Bramwell’s First Law continues to hold true, and the latest person to hold forth on the nature of conservatism is Atlantic house blogger Ross Douthat:
We tend to take the Kirkian (and, I would submit, ‘70s neoconservative) view that conservatism ought to be inherently anti-ideological, and we view the ideological turn on the American Right—the confusion of policy positions, which by definition ought to be open for debate and alteration, with “moral absolutes” that no true right-winger should deviate from—as a serious problem for conservatism, both in the Bush years and before.
. . . my own (highly provisional) definition of American conservatism would run something like this: A commitment to the defense of the particular habits, mores and institutions of the United States against those socioeconomic trends that threaten to undermine them, and those political movements (generally on the left, but sometimes on the right) that seek to change them radically in the pursuit of particular ideological goals.
I sympathize with those who want to define conservatism as the rejection of ideology, but, given that the forward march of history can never be stopped, conservatism will only ever be helpful insofar as it can influence its direction as well as its speed. Those who fail to hitch their conservatism to principle inevitably wind up endorsing something like Michael Oakeshott’s definition of conservatism as that sad feeling you get when your favorite clown dies and sentence themselves to being forever on the losing side of history.

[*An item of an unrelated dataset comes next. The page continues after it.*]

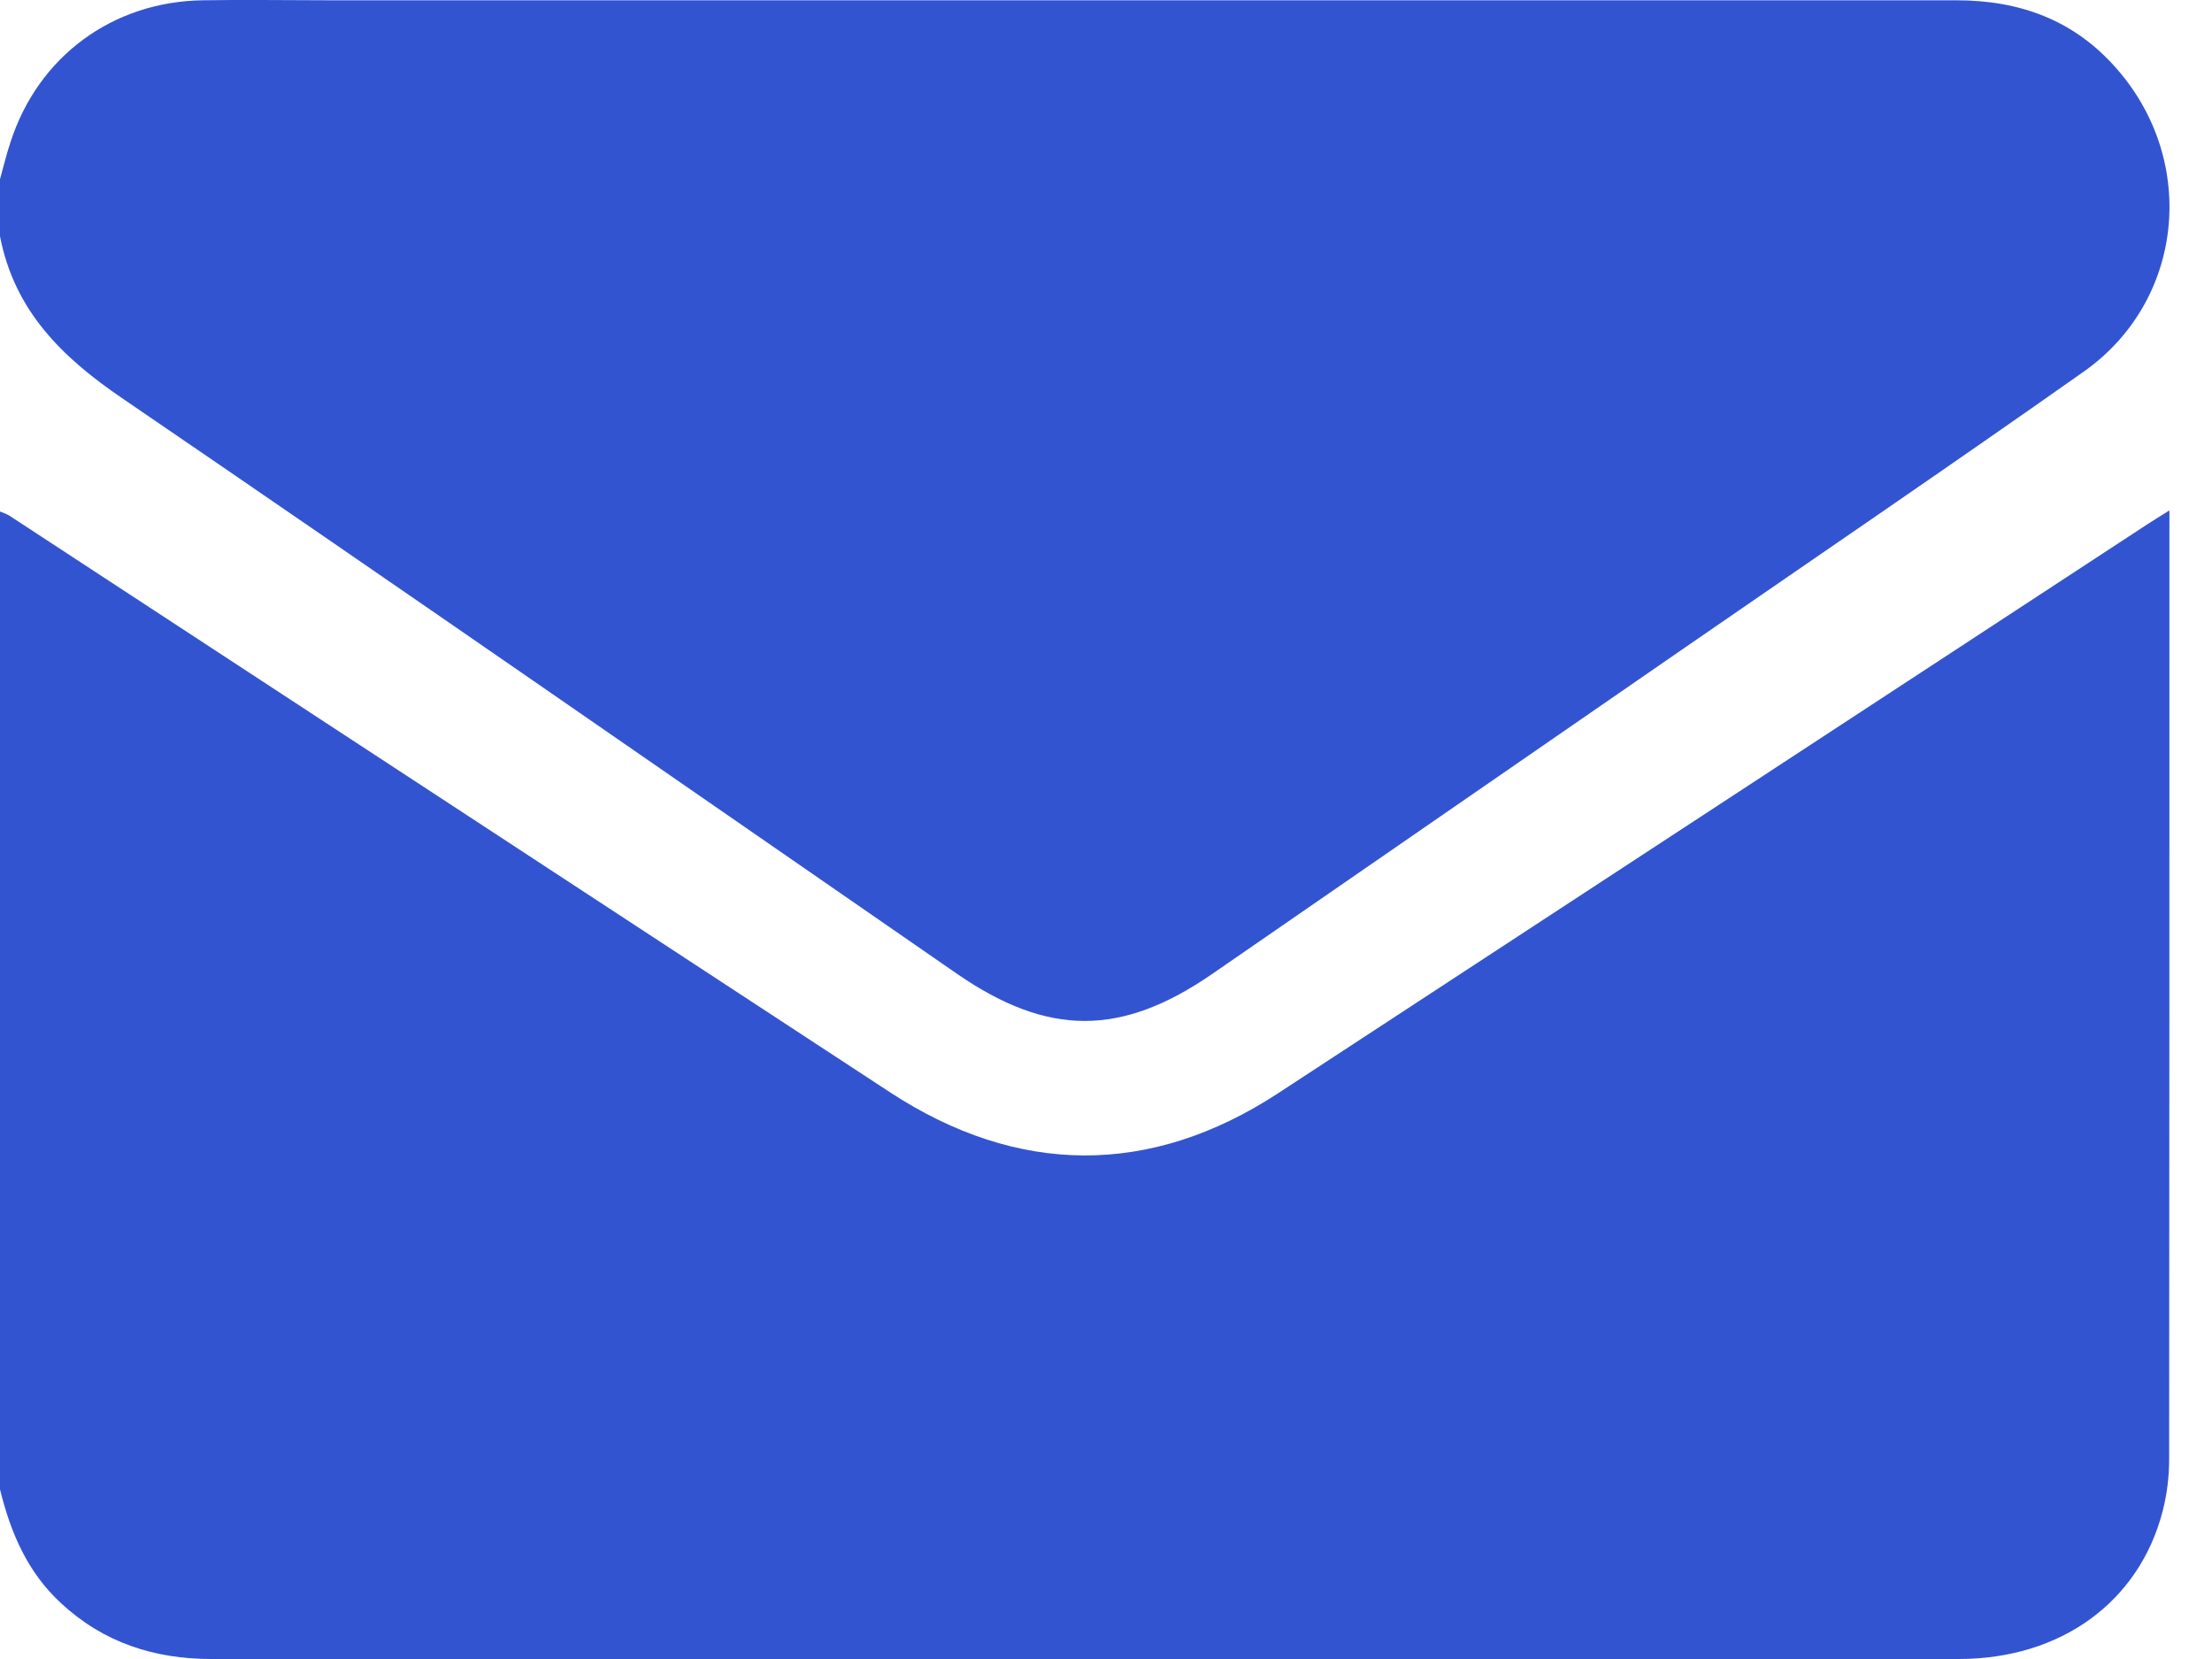 <svg width="16" height="12" viewBox="0 0 16 12" fill="none" xmlns="http://www.w3.org/2000/svg">
<path d="M0 10.773V3.7C0.024 3.708 0.047 3.718 0.068 3.73C2.192 5.12 4.315 6.51 6.438 7.901C7.363 8.506 8.321 8.511 9.243 7.909C11.342 6.536 13.439 5.163 15.536 3.79C15.581 3.76 15.627 3.733 15.692 3.692V3.815C15.692 6.062 15.692 8.308 15.69 10.555C15.69 10.68 15.675 10.805 15.644 10.927C15.475 11.587 14.907 12 14.168 12C12.079 12 9.99 12 7.903 12C5.779 12 3.654 12 1.529 12C1.113 12 0.747 11.88 0.441 11.596C0.197 11.371 0.076 11.083 0 10.773Z" fill="#3354D1"/>
<path d="M0 1.296C0.025 1.206 0.047 1.114 0.077 1.025C0.277 0.409 0.813 0.012 1.466 0.002C1.767 -0.003 2.068 0.002 2.369 0.002C6.296 0.002 10.223 0.002 14.15 0.002C14.607 0.002 15.004 0.143 15.314 0.501C15.9 1.173 15.795 2.18 15.071 2.689C14.118 3.361 13.154 4.017 12.195 4.679L8.768 7.045C8.111 7.498 7.581 7.498 6.924 7.045C4.911 5.654 2.902 4.258 0.883 2.88C0.452 2.586 0.105 2.251 0 1.709V1.296Z" fill="#3354D1"/>
</svg>

But maybe the losing side of history is where Douthat wants his conservatism to be. He has earned plaudits from the Left for owning up to American conservatism’s darker moments ("support for segregation...simply was the conservative position in the 1950’s"), but the way that Douthat disowns these past errors is only slightly better than having just ignored them:
. . . liberals were right that the injustice of [segregation] required a deeply un-conservative response, as they have been right (and will be right again) on other points as well. Having conceded this, I would go on to argue that self-identifying as a conservative, under my definition, doesn’t require taking the conservative position on every issue; it merely requires taking the conservative orientation as one’s general approach to politics, and believing that we’ve reached a pass where America’s distinctive “habits, mores and institutions” are more in need of defense then renovation.
The Catholic Church is willing to admit that people outside the faith can be saintly and even holy, but it would be strange to hear the Pope declare that sometimes being ethical requires taking the anti-Catholic position. To say that there is no conservative case against segregation is like saying that there is no Catholic case against indulgences. No one believes that conservatism must encompass everything good in the world, but Douthat seems willing to embrace a conservatism that, if applied throughout history, would be wrong as often as right, which raises the question of why he wants to claim loyalty to it at all. I understand that Douthat’s resistance to change has a lot to do with the culture he wants to preserve at this particular place and time, but if Douthat is a conservative because he likes the American system, he should tell us why he likes it. His answer to that question probably has more to do with his political orientation than a general impulse to preserve.
Comments
It seems to me that conservatives everywhere defend a particular, known way of life. That conservatism has a particular meaning in the Christian West. It has an even more particular and more freedom-oriented meaning in the American context.
But men of the right usually have these substantive commitments in common whether in America or elsewhere: skepticism of change, concern for law and order, respect for hierarchy, belief in the importance of internal and external control of the appetites, defense of property as a mark of self-reliance, a defense of guns as a mark of self-reliance, hatred of government social engineering to un-do any of these abiding practices, respect for religion and the transcendent, a belief in national sovereignty in preference to international power, and a belief in localism and state sovereignty in prefernce to federal power, an anti-individualist regard for preserving the family as the primary constituent part of society, a pro-individualist regard for human beings as moral agents in preference to deterministic accounts based on poverty or social forces, and finally, whether bellicose or isolationist, a view of foreign policy based on American interests in basic things like preserving sovereignty and access to raw materials and foreign markets from foreign threats.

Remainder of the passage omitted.